Pictured left, Ashley Moore is crowned by 2013 Ripley County Queen Katie Huffman Sunday at the 56th annual pageant.

Ashley Moore likes the stage, and it shows. With a strong stage presence and a smile that never quit, the South Ripley senior was named 2014 Miss Ripley County Queen Sunday night. Moore, 17, said she tried to keep smiling when her name was called, despite wanting to cry tears of joy. “I love being on stage,” she said afterwards, mentioning being involved in Young Confederates show choir at South Ripley. Her royal court is made up of: first runner up Andrea Grossman, a senior at South Ripley High School; second runner up, Brooke Hartman, a 2014 Batesville High School graduate; third runner up, Erin Moll, a junior at Franklin College; and fourth runner up, Emily Cumberworth, a 2014 South Ripley graduate. Miss Congeniality was Savannah Kern, a Milan High School junior, and is also part of the court. Over 300 friends, family, classmates and supporters packed the Osgood Damm Theater to support the 16 contestants in the 56th annual pageant.

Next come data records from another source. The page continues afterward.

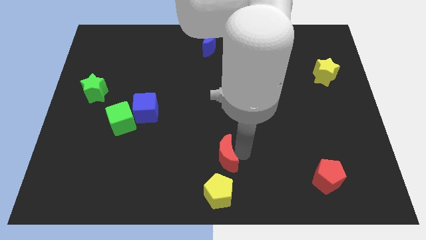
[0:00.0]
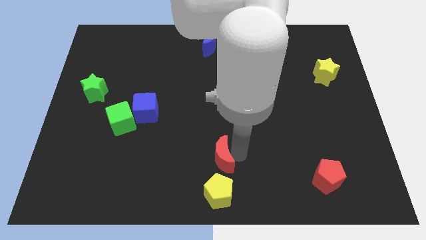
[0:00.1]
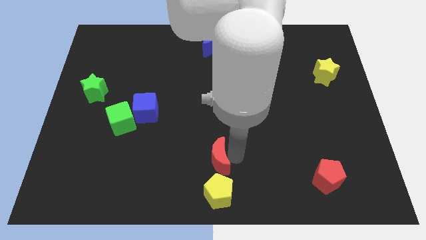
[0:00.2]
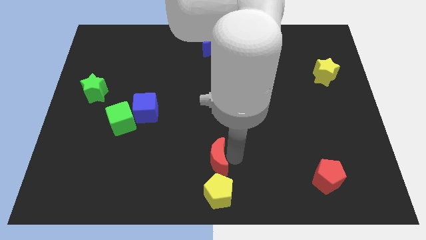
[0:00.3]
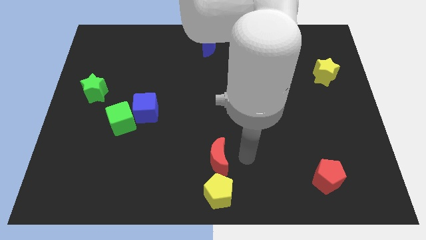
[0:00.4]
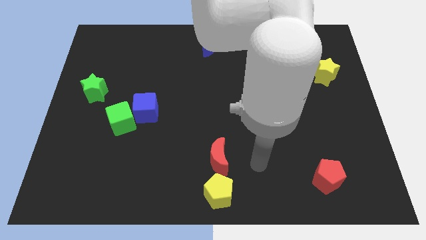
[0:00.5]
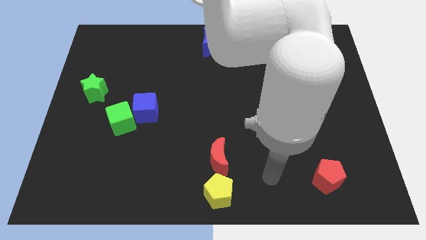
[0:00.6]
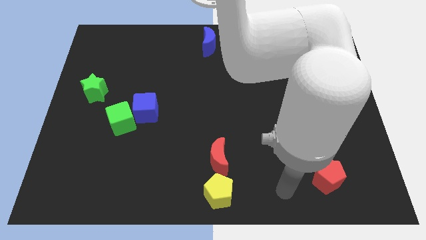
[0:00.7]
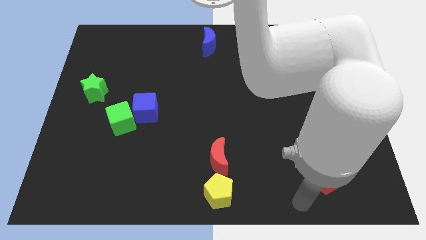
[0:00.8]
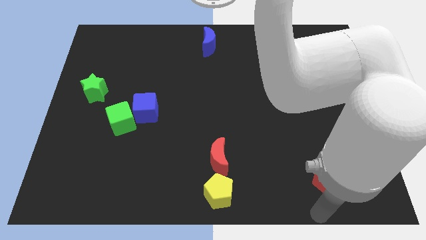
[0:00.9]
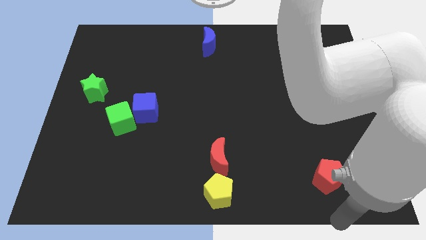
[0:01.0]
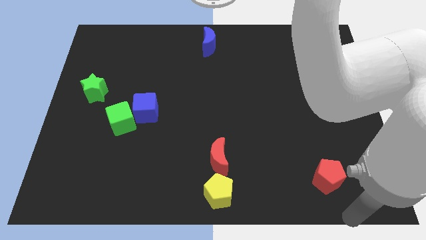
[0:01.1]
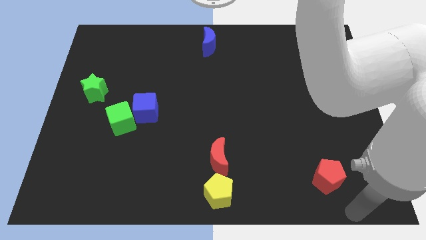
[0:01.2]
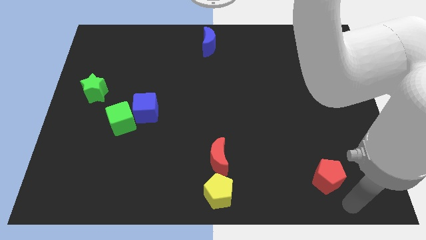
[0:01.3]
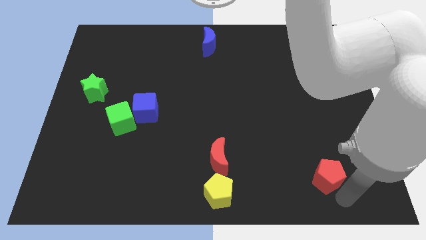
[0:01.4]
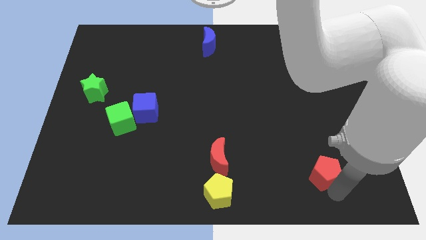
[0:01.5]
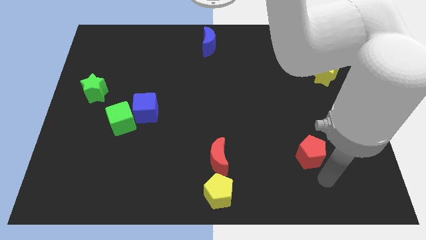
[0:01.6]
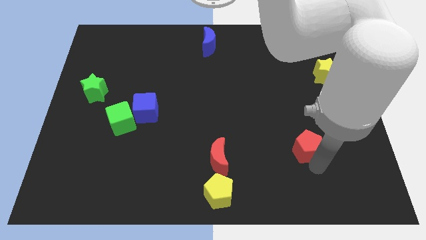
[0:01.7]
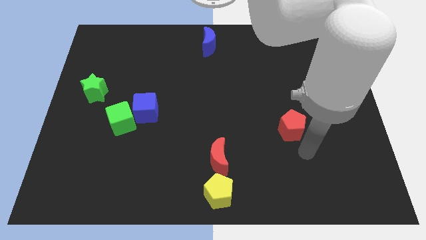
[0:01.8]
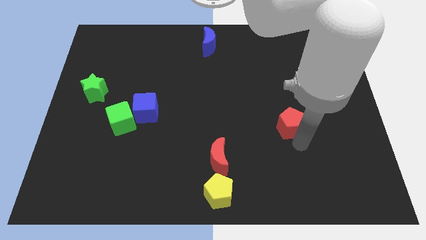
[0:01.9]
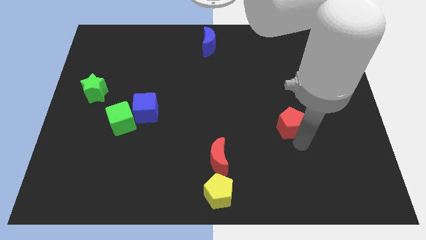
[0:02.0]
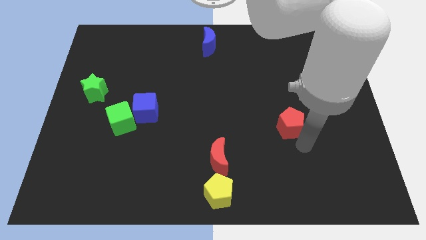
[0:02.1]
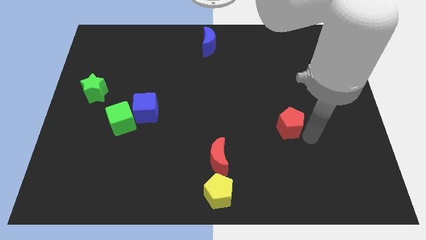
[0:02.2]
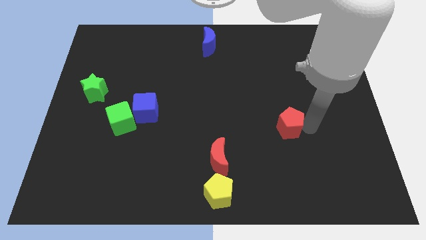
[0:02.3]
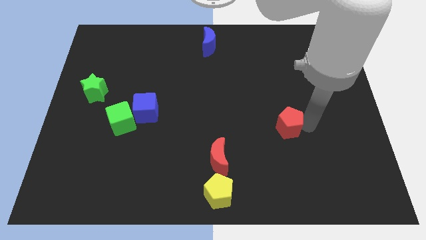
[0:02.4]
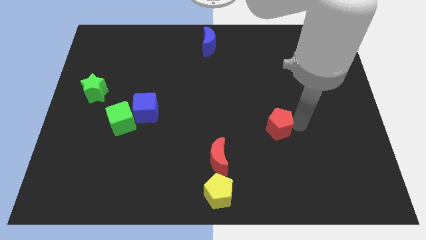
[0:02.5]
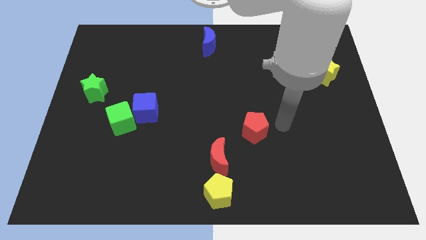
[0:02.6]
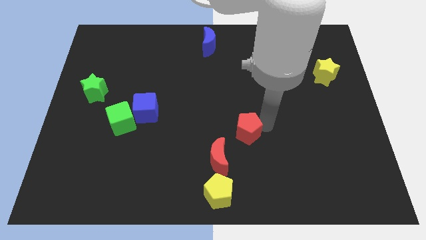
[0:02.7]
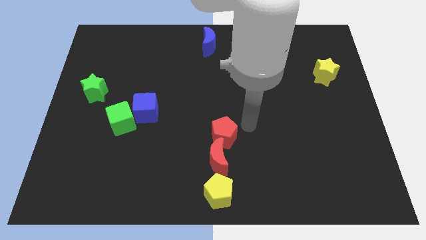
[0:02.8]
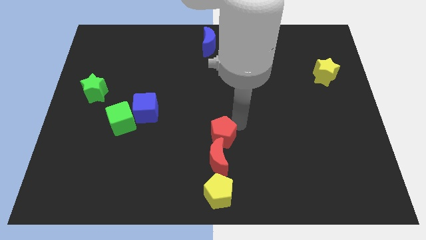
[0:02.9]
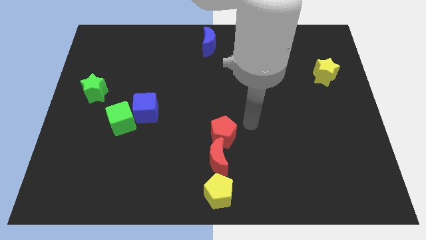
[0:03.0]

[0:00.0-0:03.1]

With a red carpet Hollywood theme, the girls appeared on stage in vintage Hollywood dress, dancing to “Jailhouse Rock.” The girls were then showcased in their professional wear, and introduced by emcees Jacob Boles and 2013 Ripley County Queen Katie Huffman. Profiles of the contestants were read as they walked and pivoted on stage, showing the judges their poise and confidence. Andrea Grossman won the professional wear category. The category was worth 25 points. Moore, dressed in a strapless black and sequined gown, won the evening gown portion, also worth 25 points, and Marisa Combs, a senior at Milan High School, won the opening number vintage dress attire.

Ripley County Fair Queen's Court

Pictured right, the queen's 2014 court: Miss Congeniality Savannah Kern, 4th runner up Emily Cumberworth, 2nd runner up Brooke Hartman, 2014 Queen Ashley Moore, 1st runner up Andrea Grossman, and 3rd runner up Erin Moll. The queen and her court will reside over the Ripley County 4-H Fair next week.

The contestants agreed that the most stressful part of the pageant was the questions, onstage and back stage during the judge’s interviews. Dressed in glittering and colorful evening gowns, each girl modeled on stage, and then picked a random question to answer on the spot to the judges and audience. They were coached to repeat the question, answer in complete sentences without words “like or “um.” All 16 did a good job, with no one obviously stumbling for an answer.

As pageant co-coordinator Amanda Kunz explained, the random questions don’t count toward their overall point total, but it’s a good way for the judges to see personality, quick thinking and poise. It’s not always the highest score that dictates who is chosen as queen. It’s ultimately the judges’ discretion for court and queen. The interviews with the judges prior to the stage presentation were worth 50 points.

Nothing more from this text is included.